◆ ASSIGNMENT ◆
What is the number of lines in this data that contain the word "amount"? Give the number alone.

◆ THE INPUT ◆

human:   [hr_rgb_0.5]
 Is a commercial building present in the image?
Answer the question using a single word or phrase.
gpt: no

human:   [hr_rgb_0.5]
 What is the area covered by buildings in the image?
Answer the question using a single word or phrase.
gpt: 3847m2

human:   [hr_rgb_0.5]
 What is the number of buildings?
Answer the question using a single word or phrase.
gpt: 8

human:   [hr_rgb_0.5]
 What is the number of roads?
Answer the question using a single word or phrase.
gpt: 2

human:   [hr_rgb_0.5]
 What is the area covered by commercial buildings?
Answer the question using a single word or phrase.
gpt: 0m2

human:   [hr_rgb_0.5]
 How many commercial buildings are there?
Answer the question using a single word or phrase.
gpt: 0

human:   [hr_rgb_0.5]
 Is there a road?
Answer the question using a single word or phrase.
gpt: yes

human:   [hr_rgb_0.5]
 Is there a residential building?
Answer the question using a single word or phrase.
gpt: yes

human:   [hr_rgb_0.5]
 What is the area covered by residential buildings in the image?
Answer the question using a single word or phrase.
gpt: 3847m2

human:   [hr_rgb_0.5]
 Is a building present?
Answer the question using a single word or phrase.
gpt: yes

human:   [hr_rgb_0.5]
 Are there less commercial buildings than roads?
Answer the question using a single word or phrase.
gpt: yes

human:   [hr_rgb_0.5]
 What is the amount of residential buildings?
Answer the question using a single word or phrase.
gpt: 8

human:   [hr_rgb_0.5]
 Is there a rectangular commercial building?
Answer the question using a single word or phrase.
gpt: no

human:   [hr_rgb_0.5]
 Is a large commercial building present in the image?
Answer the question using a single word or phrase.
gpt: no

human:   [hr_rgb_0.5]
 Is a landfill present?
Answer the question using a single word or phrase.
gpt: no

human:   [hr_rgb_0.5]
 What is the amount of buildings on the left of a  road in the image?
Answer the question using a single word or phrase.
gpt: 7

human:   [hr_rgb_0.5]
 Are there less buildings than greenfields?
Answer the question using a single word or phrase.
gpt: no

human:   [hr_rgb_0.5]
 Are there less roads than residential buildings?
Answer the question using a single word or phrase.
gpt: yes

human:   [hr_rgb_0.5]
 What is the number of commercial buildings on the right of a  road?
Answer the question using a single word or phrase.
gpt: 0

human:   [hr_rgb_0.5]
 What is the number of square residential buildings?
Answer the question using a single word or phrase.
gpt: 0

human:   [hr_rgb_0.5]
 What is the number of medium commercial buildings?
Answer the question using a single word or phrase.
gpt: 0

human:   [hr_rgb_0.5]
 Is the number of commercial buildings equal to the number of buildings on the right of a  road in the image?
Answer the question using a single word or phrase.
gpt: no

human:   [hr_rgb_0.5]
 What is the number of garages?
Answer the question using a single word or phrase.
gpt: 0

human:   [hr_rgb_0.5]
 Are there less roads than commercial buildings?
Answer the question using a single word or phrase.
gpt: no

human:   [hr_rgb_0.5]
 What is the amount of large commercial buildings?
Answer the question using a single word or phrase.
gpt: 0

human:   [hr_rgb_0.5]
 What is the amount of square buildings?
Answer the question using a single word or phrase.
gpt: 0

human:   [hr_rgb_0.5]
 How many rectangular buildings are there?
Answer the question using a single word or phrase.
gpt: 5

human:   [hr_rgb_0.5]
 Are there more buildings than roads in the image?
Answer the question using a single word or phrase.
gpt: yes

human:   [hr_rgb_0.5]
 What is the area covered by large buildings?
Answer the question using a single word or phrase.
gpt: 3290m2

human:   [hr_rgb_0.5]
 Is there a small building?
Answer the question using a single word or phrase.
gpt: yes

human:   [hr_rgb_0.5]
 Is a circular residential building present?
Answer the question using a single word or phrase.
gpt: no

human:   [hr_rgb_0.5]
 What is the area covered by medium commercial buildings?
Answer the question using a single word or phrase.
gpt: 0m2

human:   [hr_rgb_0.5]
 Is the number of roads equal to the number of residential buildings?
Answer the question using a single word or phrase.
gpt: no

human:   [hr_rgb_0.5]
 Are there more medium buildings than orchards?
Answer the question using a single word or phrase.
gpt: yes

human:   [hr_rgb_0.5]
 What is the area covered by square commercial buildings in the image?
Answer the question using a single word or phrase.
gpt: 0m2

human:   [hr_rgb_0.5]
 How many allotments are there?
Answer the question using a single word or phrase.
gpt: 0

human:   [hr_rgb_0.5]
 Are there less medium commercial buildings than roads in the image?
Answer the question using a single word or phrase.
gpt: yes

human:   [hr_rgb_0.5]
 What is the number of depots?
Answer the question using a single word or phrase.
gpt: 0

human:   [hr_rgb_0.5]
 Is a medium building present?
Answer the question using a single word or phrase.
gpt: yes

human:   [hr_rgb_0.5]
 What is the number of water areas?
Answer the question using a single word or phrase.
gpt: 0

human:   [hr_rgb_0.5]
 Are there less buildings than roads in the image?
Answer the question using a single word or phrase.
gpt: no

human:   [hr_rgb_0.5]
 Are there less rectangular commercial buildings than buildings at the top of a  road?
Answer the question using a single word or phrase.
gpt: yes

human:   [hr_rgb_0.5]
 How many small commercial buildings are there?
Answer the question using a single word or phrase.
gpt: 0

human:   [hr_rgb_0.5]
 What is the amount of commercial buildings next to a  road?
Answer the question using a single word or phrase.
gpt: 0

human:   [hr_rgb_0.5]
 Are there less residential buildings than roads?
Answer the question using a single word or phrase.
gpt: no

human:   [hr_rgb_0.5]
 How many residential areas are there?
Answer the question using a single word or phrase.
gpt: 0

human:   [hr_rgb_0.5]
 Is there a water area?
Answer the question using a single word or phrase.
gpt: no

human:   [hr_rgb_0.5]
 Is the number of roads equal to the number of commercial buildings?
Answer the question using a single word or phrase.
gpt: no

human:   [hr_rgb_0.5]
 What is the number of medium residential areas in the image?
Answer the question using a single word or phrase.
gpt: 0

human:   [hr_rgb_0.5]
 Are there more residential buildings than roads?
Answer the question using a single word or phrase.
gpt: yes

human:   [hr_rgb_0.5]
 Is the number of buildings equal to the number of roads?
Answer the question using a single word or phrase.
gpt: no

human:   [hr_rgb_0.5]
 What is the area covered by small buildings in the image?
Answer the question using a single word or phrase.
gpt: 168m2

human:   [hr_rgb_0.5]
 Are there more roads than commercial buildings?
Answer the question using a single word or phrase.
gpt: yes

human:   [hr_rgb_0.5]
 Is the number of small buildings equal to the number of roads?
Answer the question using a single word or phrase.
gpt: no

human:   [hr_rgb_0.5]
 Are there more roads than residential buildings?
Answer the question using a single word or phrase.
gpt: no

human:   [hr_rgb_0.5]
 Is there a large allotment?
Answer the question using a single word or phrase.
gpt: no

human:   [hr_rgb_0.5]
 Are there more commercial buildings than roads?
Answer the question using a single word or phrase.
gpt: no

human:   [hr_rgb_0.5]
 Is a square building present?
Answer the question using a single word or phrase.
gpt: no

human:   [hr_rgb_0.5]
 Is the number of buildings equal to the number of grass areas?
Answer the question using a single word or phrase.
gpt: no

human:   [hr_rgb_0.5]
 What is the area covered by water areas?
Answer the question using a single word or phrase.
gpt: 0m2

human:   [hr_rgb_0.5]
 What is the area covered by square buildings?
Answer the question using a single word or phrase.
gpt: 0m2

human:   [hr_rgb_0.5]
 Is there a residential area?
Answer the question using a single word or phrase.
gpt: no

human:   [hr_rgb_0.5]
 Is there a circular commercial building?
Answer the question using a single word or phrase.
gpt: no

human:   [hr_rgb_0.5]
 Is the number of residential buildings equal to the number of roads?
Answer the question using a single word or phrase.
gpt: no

◆ ANSWER SPACE ◆
5